▶ _Task directions_: Without including any picture, repeat the records below exactly.

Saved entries
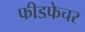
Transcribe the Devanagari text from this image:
फीडफेचर
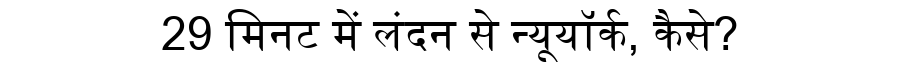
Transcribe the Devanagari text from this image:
29 मिनट में लंदन से न्यूयॉर्क, कैसे?
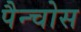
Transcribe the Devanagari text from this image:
पैन्चोस
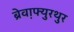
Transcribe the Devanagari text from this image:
ब्रेव़ाफ्युरथुर
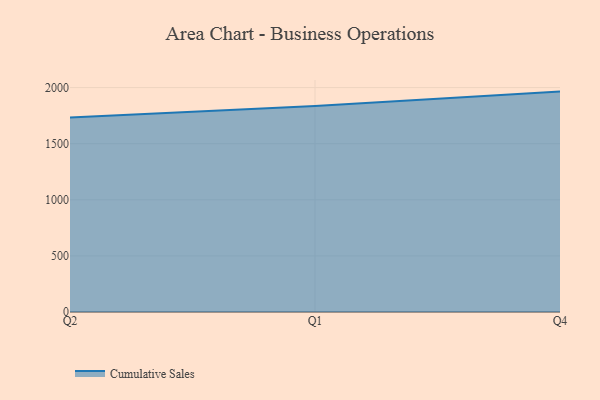
{"axis": {"x": "Quarter", "y": "Customer Acquisition Cost (USD)"}, "legend": ["Cumulative Sales"], "data": [{"x": "Q2", "y": 1733.9, "type": "Cumulative Sales"}, {"x": "Q1", "y": 1835.6, "type": "Cumulative Sales"}, {"x": "Q4", "y": 1964.3, "type": "Cumulative Sales"}]}
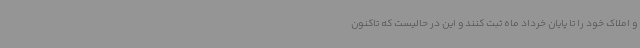
و املاک خود را تا پایان خرداد ماه ثبت کنند و این در حالیست که تاکنون
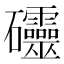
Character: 𥘃
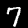
Label: 7
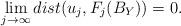
LaTeX: \begin{align*}\lim_{j\to\infty}dist(u_j,F_j(B_Y))=0.\end{align*}
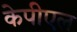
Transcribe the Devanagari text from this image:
केपीएल
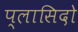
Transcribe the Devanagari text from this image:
प्लासिदो
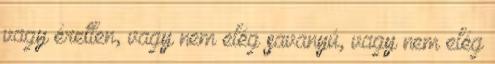
vagy éretlen, vagy nem elég savanyú, vagy nem elég
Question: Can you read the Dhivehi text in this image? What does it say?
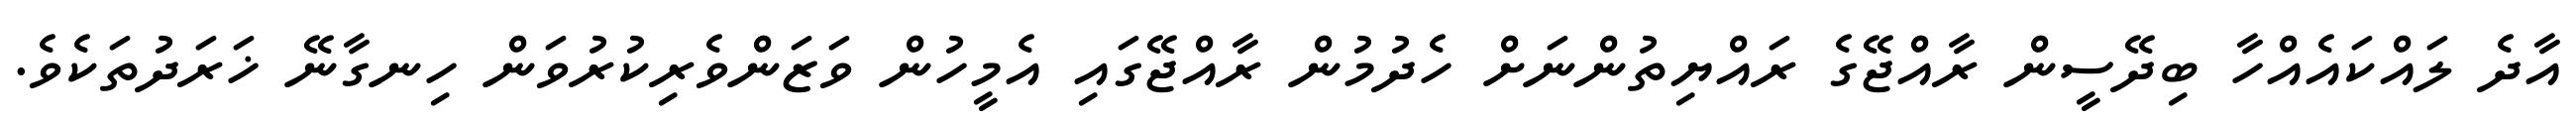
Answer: އާދެ ލައްކައެއްހާ ބިދޭސީން ރާއްޖޭގެ ރައްޔިތުންނަށް ހެދުމުން ރާއްޖޭގައި އެމީހުން ވަޒަންވެރިކުރުވަން ހިނގާނޭ ޚަރަދުތަކެވެ.
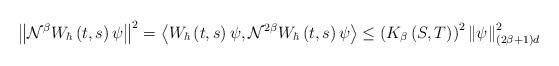
LaTeX: \begin{align*}\left\Vert \mathcal{N}^{\beta}W_{\hbar}\left( t,s\right) \psi\right\Vert^{2}=\left\langle W_{\hbar}\left( t,s\right) \psi,\mathcal{N}^{2\beta}W_{\hbar}\left( t,s\right) \psi\right\rangle \leq\left( K_{\beta}\left(S,T\right) \right) ^{2}\left\Vert \psi\right\Vert _{\left( 2\beta+1\right)d}^{2} \end{align*}
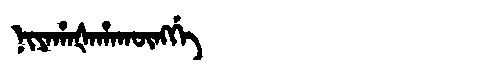
Manchu: ᠨᡳᠶᠠᡥᠠᡧᠠᡥᠠᡴᡡᠩᡤᡝ
Romanization: NIYAHAŠAHAKŪNGGE
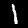
Digit: 1
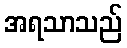
အရသာသည်
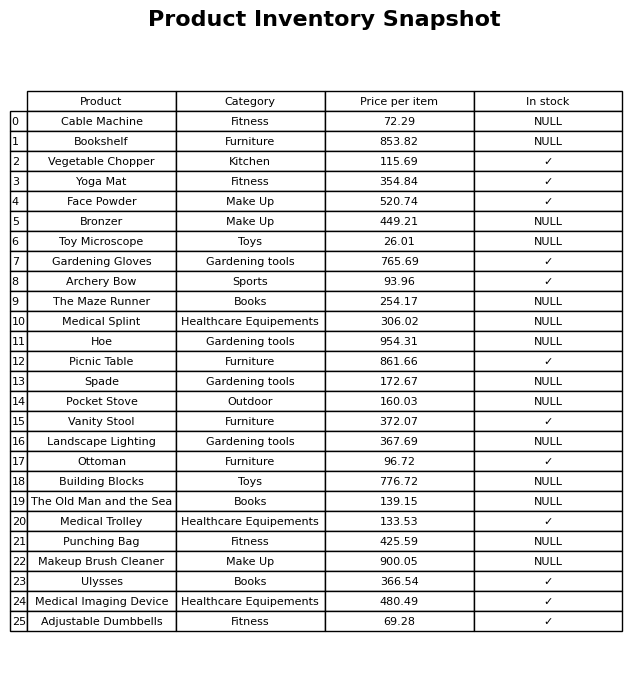
question: What is the stock status of the Cable Machine?
answer: NULL
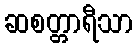
ဆစတ္တာရီသာ
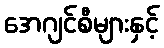
အေဂျင်စီများနှင့်
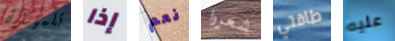
تلميذة إذا نعم شعروا طاقتي عليه
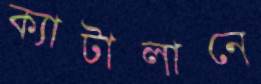
ক্যাটালানে
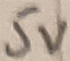
Text: 5V
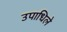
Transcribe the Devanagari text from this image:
उपाधिले
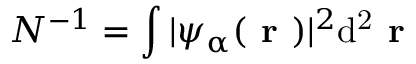
N ^ { - 1 } = \int | \psi _ { \upalpha } ( \textbf { r } ) | ^ { 2 } \mathrm { d ^ { 2 } } \textbf { r }
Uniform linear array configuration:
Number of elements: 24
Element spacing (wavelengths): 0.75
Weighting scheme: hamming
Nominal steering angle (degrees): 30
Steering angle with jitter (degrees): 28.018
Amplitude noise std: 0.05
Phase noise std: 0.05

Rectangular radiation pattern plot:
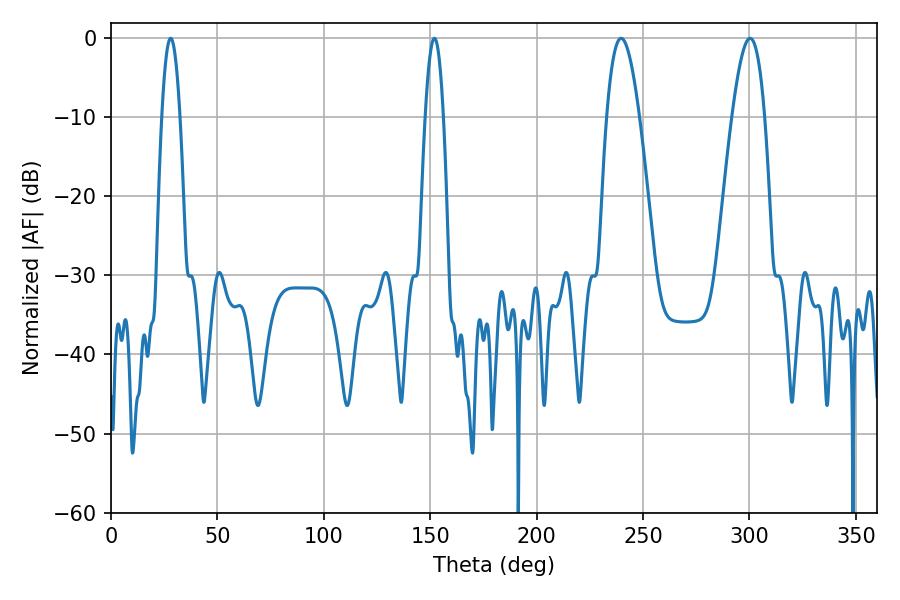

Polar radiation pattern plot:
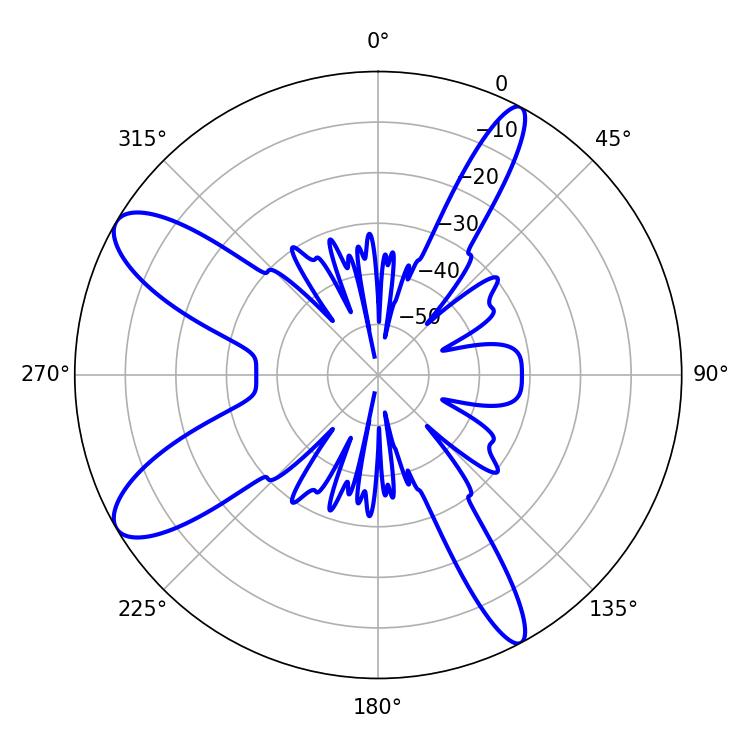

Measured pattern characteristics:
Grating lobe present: TRUE
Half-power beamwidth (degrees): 8.28
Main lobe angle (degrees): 239.76
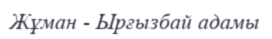
Жұман - Ырғызбай адамы
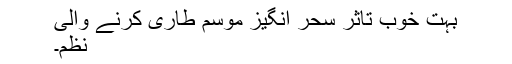
بہت خوب تاثر سحر انگیز موسم طاری کرنے والی
نظم۔
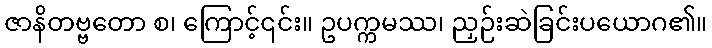
ဇာနိတဗ္ဗတော စ၊ ကြောင့်၎င်း။ ဥပက္ကမဿ၊ ညှဉ်းဆဲခြင်းပယောဂ၏။
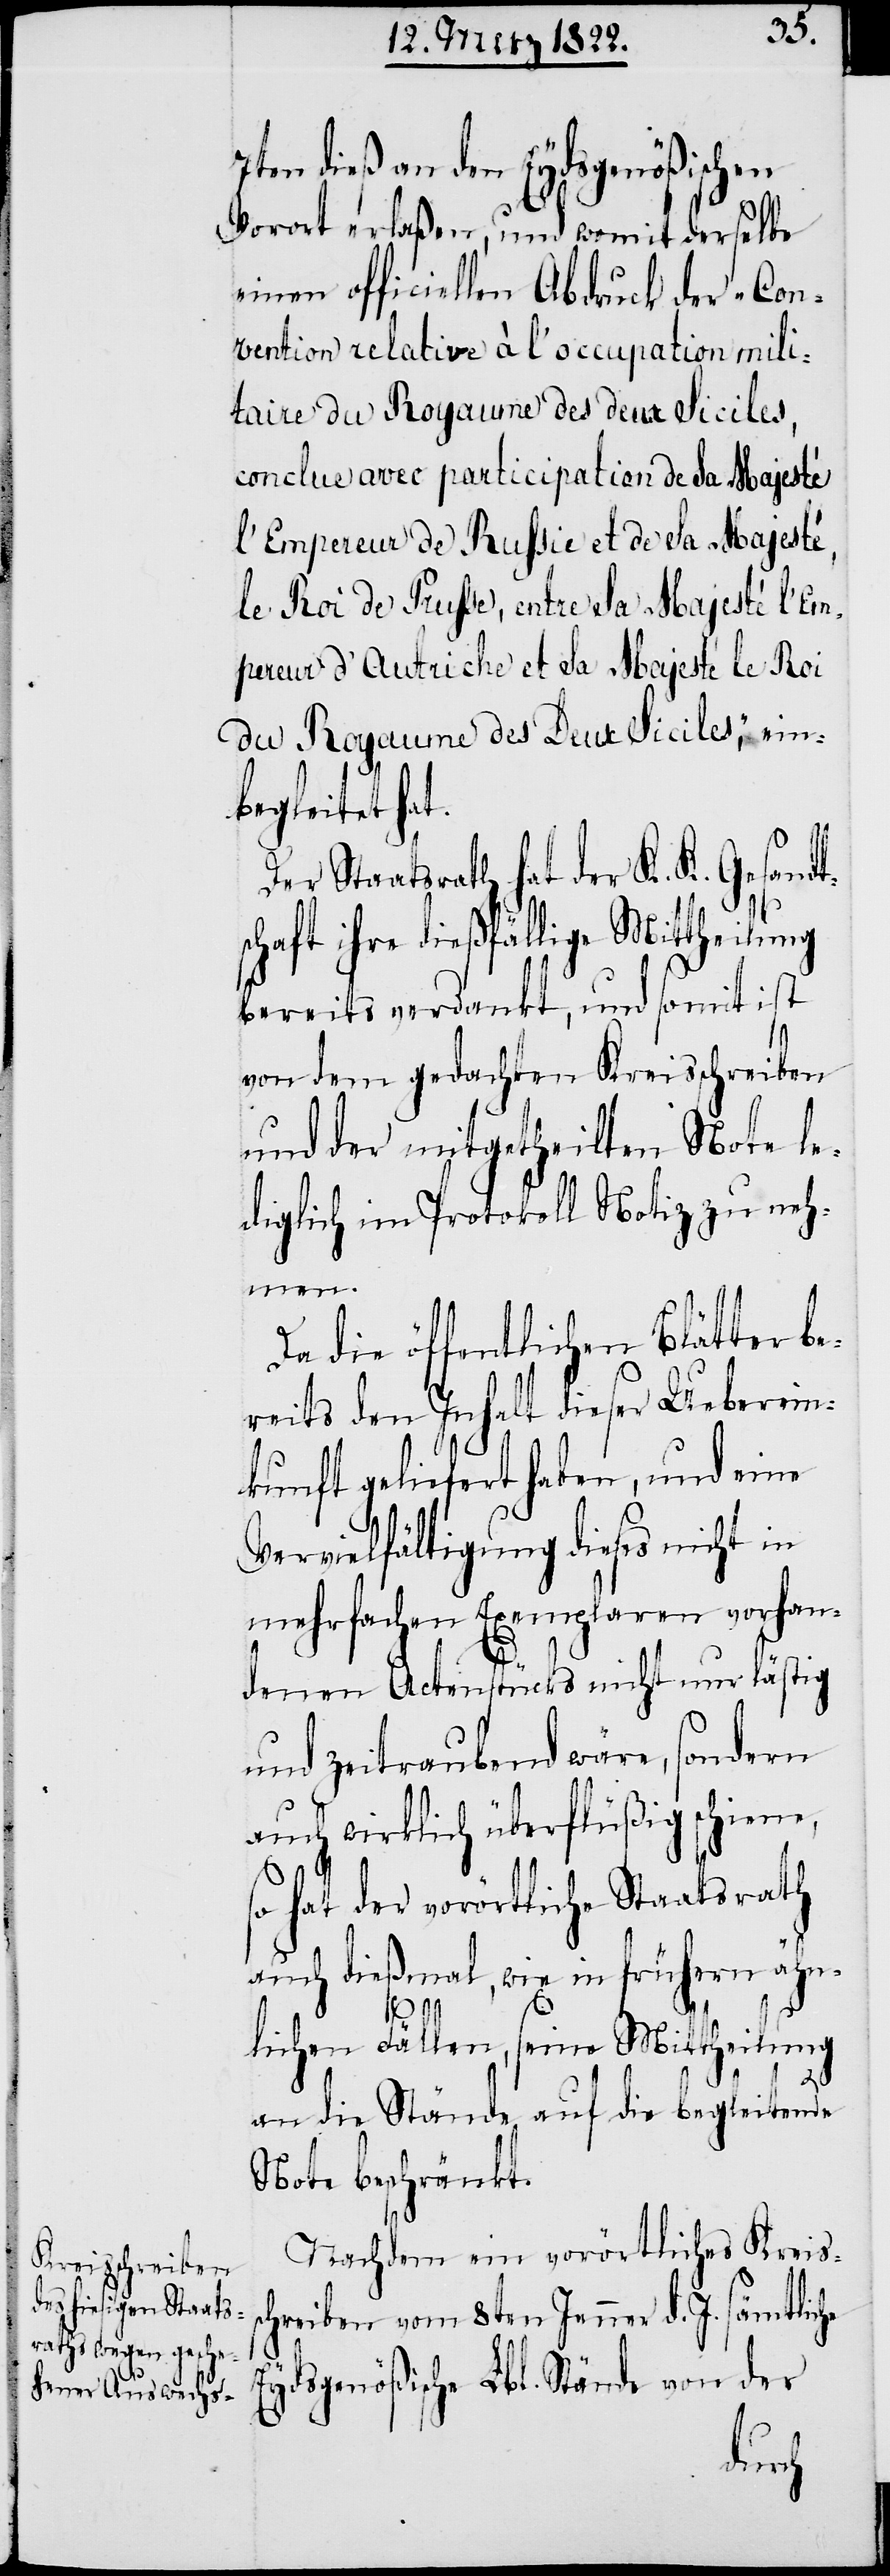
7ten dieß an den Eydsgenößischen
Vorort erlaßen, und womit derselben
einen officiellen Abdruck der „Con¬
vention relative à l’occupation mili¬
taire du Royaume des deux Siciles,
conclue avec participation de Sa Majesté
L’Empereur De Russie et de Sa Majesté,
le Roi de Prusse, entre Sa Majesté L’Em¬
pereur d’Autriche et Sa Majesté Le Roi
du Royaume des Deux Siciles“, ein¬
begleitet hat.
Der Staatsrath hat der K. K. Gesandt¬
schaft ihre dießfällige Mittheilung
bereits verdankt, und somit ist
von dem gedachten Kreisschreiben
und der mitgetheilten Note le¬
diglich im Protokoll Notiz zu neh¬
men.
Da die öffentlichen Blätter be¬
reits den Inhalt dieser Ueberein¬
kunft geliefert haben, und eine
Vervielfältigung dieses nicht in
mehrfachen Exemplaren vorhan¬
denen Actenstücks nicht nur lästig
und zeitraubend wäre, sondern
auch wirklich überflüßig schiene,
so hat der vorörtliche Staatsrath
auch dießmal, wie in frühern ähn¬
s¬
che
lichen Fällen, seine Mittheilung
an die Stände auf die begleitende
Note beschränkt.
Nachdem ein vorörtliches Kreis¬
chreiben vom 8ten Jenner d .J. sämmtli¬
Eydsgenößische Lbl. Stände von der
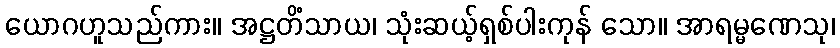
ယောဂဟူသည်ကား။ အဋ္ဌတိံသာယ၊ သုံးဆယ့်ရှစ်ပါးကုန် သော။ အာရမ္မဏေသု၊
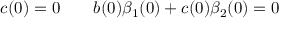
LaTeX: c ( 0 ) = 0 \qquad b ( 0 ) \beta _ { 1 } ( 0 ) + c ( 0 ) \beta _ { 2 } ( 0 ) = 0
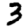
Digit: 3
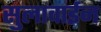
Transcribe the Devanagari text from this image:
सुलावाईन
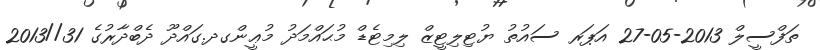
ތަފްސީލް 2013-05-27 އަޕަރ ސައުތު ޔުޓިލިޓީޒް ލިމިޓެޑް މުޙައްމަދު މުޢީންގދ.ގައްދޫ ދެބްދާރުގެ 31//2013
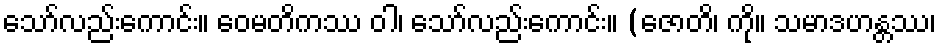
သော်လည်းကောင်း။ ဝေမတိကဿ ဝါ၊ သော်လည်းကောင်း။ (ဇောတိ၊ ကို။ သမာဒဟန္တဿ၊
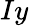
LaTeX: Iy
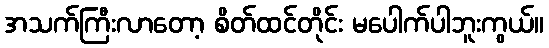
အသက်ကြီးလာတော့ စိတ်ထင်တိုင်း မပေါက်ပါဘူးကွယ်။
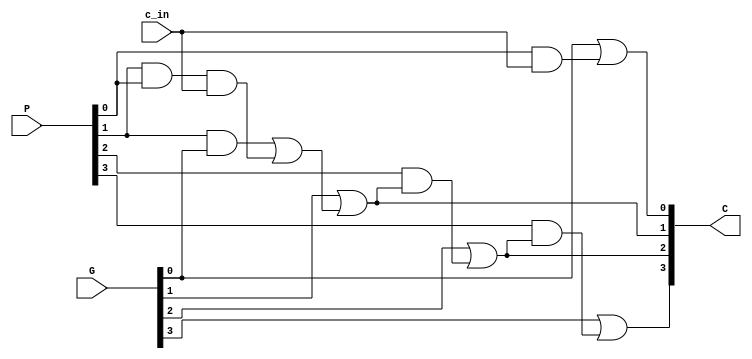
module Mult_CLAgen_4bit(
input [3:0] G,
input [3:0] P,
input c_in,
output reg [4:1] C
);

//always@(*)
//begin
//        C[1] = G[0] + (P[0] & c_in);
//        C[2] = G[1] + (P[1] & C[1]);
//        C[3] = G[2] + (P[2] & C[2]);
//        C[4] = G[3] + (P[3] & C[3]);
//end
always@(*)
begin
        C[1] <= G[0] | (P[0] & c_in);
        C[2] <= G[1] | (P[1] & (G[0])| (P[1] & P[0] & c_in));
        C[3] <= G[2] | (P[2] & (G[1] | (P[1] & (G[0]) | (P[1] & P[0] & c_in))));
        C[4] <= G[3] | (P[3] & (G[2] | (P[2] & (G[1] | (P[1] & (G[0]) | (P[1] & P[0] & c_in))))));
end
endmodule
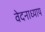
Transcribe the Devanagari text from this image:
वेदनाध्याय
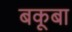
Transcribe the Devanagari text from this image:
बकूबा
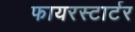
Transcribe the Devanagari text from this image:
फायरस्टार्टर
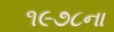
૧૯૭૮ના

▶ _Solution_:
Transcribe the Devanagari text from this image:
फीडफेचर
Transcribe the Devanagari text from this image:
29 मिनट में लंदन से न्यूयॉर्क, कैसे?
Transcribe the Devanagari text from this image:
पैन्चोस
Transcribe the Devanagari text from this image:
ब्रेव़ाफ्युरथुर
{"axis": {"x": "Quarter", "y": "Customer Acquisition Cost (USD)"}, "legend": ["Cumulative Sales"], "data": [{"x": "Q2", "y": 1733.9, "type": "Cumulative Sales"}, {"x": "Q1", "y": 1835.6, "type": "Cumulative Sales"}, {"x": "Q4", "y": 1964.3, "type": "Cumulative Sales"}]}
و املاک خود را تا پایان خرداد ماه ثبت کنند و این در حالیست که تاکنون
Character: 𥘃
Label: 7
LaTeX: \begin{align*}\lim_{j\to\infty}dist(u_j,F_j(B_Y))=0.\end{align*}
Transcribe the Devanagari text from this image:
केपीएल
Transcribe the Devanagari text from this image:
प्लासिदो
vagy éretlen, vagy nem elég savanyú, vagy nem elég
Question: Can you read the Dhivehi text in this image? What does it say?
Answer: އާދެ ލައްކައެއްހާ ބިދޭސީން ރާއްޖޭގެ ރައްޔިތުންނަށް ހެދުމުން ރާއްޖޭގައި އެމީހުން ވަޒަންވެރިކުރުވަން ހިނގާނޭ ޚަރަދުތަކެވެ.
LaTeX: \begin{align*}\left\Vert \mathcal{N}^{\beta}W_{\hbar}\left( t,s\right) \psi\right\Vert^{2}=\left\langle W_{\hbar}\left( t,s\right) \psi,\mathcal{N}^{2\beta}W_{\hbar}\left( t,s\right) \psi\right\rangle \leq\left( K_{\beta}\left(S,T\right) \right) ^{2}\left\Vert \psi\right\Vert _{\left( 2\beta+1\right)d}^{2} \end{align*}
Manchu: ᠨᡳᠶᠠᡥᠠᡧᠠᡥᠠᡴᡡᠩᡤᡝ
Romanization: NIYAHAŠAHAKŪNGGE
Digit: 1
အရသာသည်
question: What is the stock status of the Cable Machine?
answer: NULL
ဆစတ္တာရီသာ
အေဂျင်စီများနှင့်
تلميذة إذا نعم شعروا طاقتي عليه
ক্যাটালানে
Text: 5V
Transcribe the Devanagari text from this image:
उपाधिले
N ^ { - 1 } = \int | \psi _ { \upalpha } ( \textbf { r } ) | ^ { 2 } \mathrm { d ^ { 2 } } \textbf { r }
Uniform linear array configuration:
Number of elements: 24
Element spacing (wavelengths): 0.75
Weighting scheme: hamming
Nominal steering angle (degrees): 30
Steering angle with jitter (degrees): 28.018
Amplitude noise std: 0.05
Phase noise std: 0.05

Rectangular radiation pattern plot:

Polar radiation pattern plot:

Measured pattern characteristics:
Grating lobe present: TRUE
Half-power beamwidth (degrees): 8.28
Main lobe angle (degrees): 239.76
Жұман - Ырғызбай адамы
بہت خوب تاثر سحر انگیز موسم طاری کرنے والی
نظم۔
ဇာနိတဗ္ဗတော စ၊ ကြောင့်၎င်း။ ဥပက္ကမဿ၊ ညှဉ်းဆဲခြင်းပယောဂ၏။
7ten dieß an den Eydsgenößischen
Vorort erlaßen, und womit derselben
einen officiellen Abdruck der „Con¬
vention relative à l’occupation mili¬
taire du Royaume des deux Siciles,
conclue avec participation de Sa Majesté
L’Empereur De Russie et de Sa Majesté,
le Roi de Prusse, entre Sa Majesté L’Em¬
pereur d’Autriche et Sa Majesté Le Roi
du Royaume des Deux Siciles“, ein¬
begleitet hat.
Der Staatsrath hat der K. K. Gesandt¬
schaft ihre dießfällige Mittheilung
bereits verdankt, und somit ist
von dem gedachten Kreisschreiben
und der mitgetheilten Note le¬
diglich im Protokoll Notiz zu neh¬
men.
Da die öffentlichen Blätter be¬
reits den Inhalt dieser Ueberein¬
kunft geliefert haben, und eine
Vervielfältigung dieses nicht in
mehrfachen Exemplaren vorhan¬
denen Actenstücks nicht nur lästig
und zeitraubend wäre, sondern
auch wirklich überflüßig schiene,
so hat der vorörtliche Staatsrath
auch dießmal, wie in frühern ähn¬
s¬
che
lichen Fällen, seine Mittheilung
an die Stände auf die begleitende
Note beschränkt.
Nachdem ein vorörtliches Kreis¬
chreiben vom 8ten Jenner d .J. sämmtli¬
Eydsgenößische Lbl. Stände von der
ယောဂဟူသည်ကား။ အဋ္ဌတိံသာယ၊ သုံးဆယ့်ရှစ်ပါးကုန် သော။ အာရမ္မဏေသု၊
LaTeX: c ( 0 ) = 0 \qquad b ( 0 ) \beta _ { 1 } ( 0 ) + c ( 0 ) \beta _ { 2 } ( 0 ) = 0
Digit: 3
Transcribe the Devanagari text from this image:
सुलावाईन
ތަފްސީލް 2013-05-27 އަޕަރ ސައުތު ޔުޓިލިޓީޒް ލިމިޓެޑް މުޙައްމަދު މުޢީންގދ.ގައްދޫ ދެބްދާރުގެ 31//2013
သော်လည်းကောင်း။ ဝေမတိကဿ ဝါ၊ သော်လည်းကောင်း။ (ဇောတိ၊ ကို။ သမာဒဟန္တဿ၊
LaTeX: Iy
အသက်ကြီးလာတော့ စိတ်ထင်တိုင်း မပေါက်ပါဘူးကွယ်။
module Mult_CLAgen_4bit(
input [3:0] G,
input [3:0] P,
input c_in,
output reg [4:1] C
);

//always@(*)
//begin
//        C[1] = G[0] + (P[0] & c_in);
//        C[2] = G[1] + (P[1] & C[1]);
//        C[3] = G[2] + (P[2] & C[2]);
//        C[4] = G[3] + (P[3] & C[3]);
//end
always@(*)
begin
        C[1] <= G[0] | (P[0] & c_in);
        C[2] <= G[1] | (P[1] & (G[0])| (P[1] & P[0] & c_in));
        C[3] <= G[2] | (P[2] & (G[1] | (P[1] & (G[0]) | (P[1] & P[0] & c_in))));
        C[4] <= G[3] | (P[3] & (G[2] | (P[2] & (G[1] | (P[1] & (G[0]) | (P[1] & P[0] & c_in))))));
end
endmodule
Transcribe the Devanagari text from this image:
वेदनाध्याय
Transcribe the Devanagari text from this image:
बकूबा
Transcribe the Devanagari text from this image:
फायरस्टार्टर
૧૯૭૮ના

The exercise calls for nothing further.